コラム

第102話 野良猫の大量虐殺事件 その1

2011年2月に里親として龍馬と凜子を迎え(第1話第2話第3話)、そのまま単なる飼い主として楽しく猫ライフを送るはずだったところ、その1年半後に自分の不注意で龍馬を脱走させてしまい、(第5話から第22話)、その捜索中に沢山の野良猫に出会い、悲惨な現実を知ってしまった事をきっかけに、ボランティア活動を始めることになってしまった。主な活動内容は、飼い主のいない猫のTNR(捕獲、不妊去勢手術をして元の場所に戻すこと)、人馴れした猫の保護、譲渡、病気の猫の治療、地域猫活動についての広報など。それから4年以上、色々な事件に遭遇し、止めるに止められず、今でも続いている。(第36話から第101話)。

時は2016年3月。近所の商店街で買い物をしていた時、警察からのある貼り紙に気が付いた。
貼り紙の内容は具体的には覚えていないが、「猫虐待事件」の文字があった。そんな言葉を見たらじっとしていられない。その足で交番に駆け込んで、どこで何があったのか質問する。近所にも猫嫌いは沢山おり、虐待していると噂されている人もいる。沢山の猫が餌をもらっていた場所で、いきなりごっそりいなくなったこともある。事故や善良な人にもらわれたとは思えず、私は悪意を持った連れ去り事件だと思い警察に相談したが、野良猫がいなくなったというだけでは警察は動いてくれなかった。
その貼り紙があったということは警察が動くほどの事件が起こったということだ。

一体どこの猫が何をされたのだろう。何をされたのかは知ったところで辛いだけなので聞きたくない気もするが、飼い猫を外に出している人、外猫に餌をやって人馴れさせてしまっている人に注意喚起せねばならない。

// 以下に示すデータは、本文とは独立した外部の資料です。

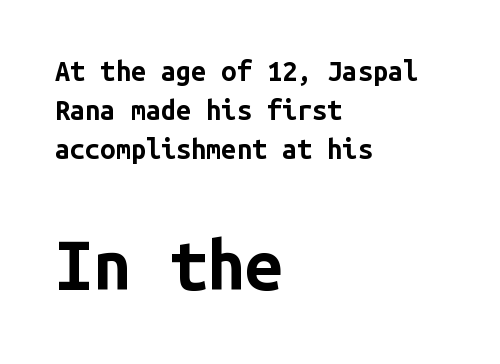
{"serif": "no", "italic": "no", "bold": "yes", "weight": "bold", "width": "normal", "stroke_contrast": "low", "x_height": "medium", "monospaced": "yes", "underline": "no", "align": "left", "line_spacing": "normal", "line_spacing_ratio": 1.44, "letter_spacing": "normal", "letter_spacing_em": 0.0, "larger_block": "second", "size_ratio": 2.52, "glyph_px": 68}

事件の詳細を矢継ぎ早に質問するも、警察は捜査中ということで何も教えてくれなかった。せめて場所だけでも知りたかったが、ダメと。私はこの町で野良猫の不妊去勢手術から保護までボランティアでやっている身、怪しいものではないし、猫を助けている立場なんだからちょっとくらい教えてくれてもいいんじゃないの、と言ってみたが駄目だった。しかし、そこで色んな話をしているうちに、どうやらそこもよくある話で、自宅前で不妊去勢手術をしないで餌だけやっている人がいて、あっという間に猫が増えてしまい、近所トラブルになった結果の事件でありそうなことがわかった。

猫をめぐるトラブルは、ほぼ間違いなく、手術をせず増やしてしまったことが原因だ。自宅周りに野良猫が大量にうろつくことは、猫嫌いだけでなく、猫好きにとっても、糞尿被害に迷惑するし、そもそもお腹をすかせたり、風邪で目ヤニや鼻水でぐちゃぐちゃになった姿を見るのは辛いばかり。誰にとっても野良猫が増えるのは良いことでない。虐待事件が近隣で起こったならばその具体例をもって、近隣に啓蒙したいと思う。

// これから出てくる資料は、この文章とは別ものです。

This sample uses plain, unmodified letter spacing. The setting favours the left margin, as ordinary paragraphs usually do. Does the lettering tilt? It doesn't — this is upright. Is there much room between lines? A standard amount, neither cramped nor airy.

交番からの話をもとに近所を歩いてみると、その現場はすぐにわかった。細い路地に猫がいるわ、いるわ。その現場でも聞き込みをし、誰が無責任餌やりだったのかも見えてきた。ペット禁止の小さなアパートに住むお婆さんが、アパート前でちょっと餌をやってしまったら、どんどん増えてしまったという典型的なケースだったようだ。そしてさらによくあるケースなのだが、その陰で、ほかにも自宅の庭でこっそり餌やりする人、そしてそこに猫が集まっているのを見て、遠くからわざわざ自転車で餌やりにかけつける人もいたようだ。1ブロックの中に3~4箇所も定食屋があり、その食堂の開店時間はそれぞれの餌やりの都合で異なっているので、一つの縄張りから出ない猫、モバイルしてちゃっかり一日何回もご飯にありつく猫、色々だ。トータル何匹いたのだろう。私が見ただけでも15~6匹だろうか。夜中にオープンするごはん屋もあったようなので、そこにはまた遠方からも猫が来たりする。こうなると収集付かない。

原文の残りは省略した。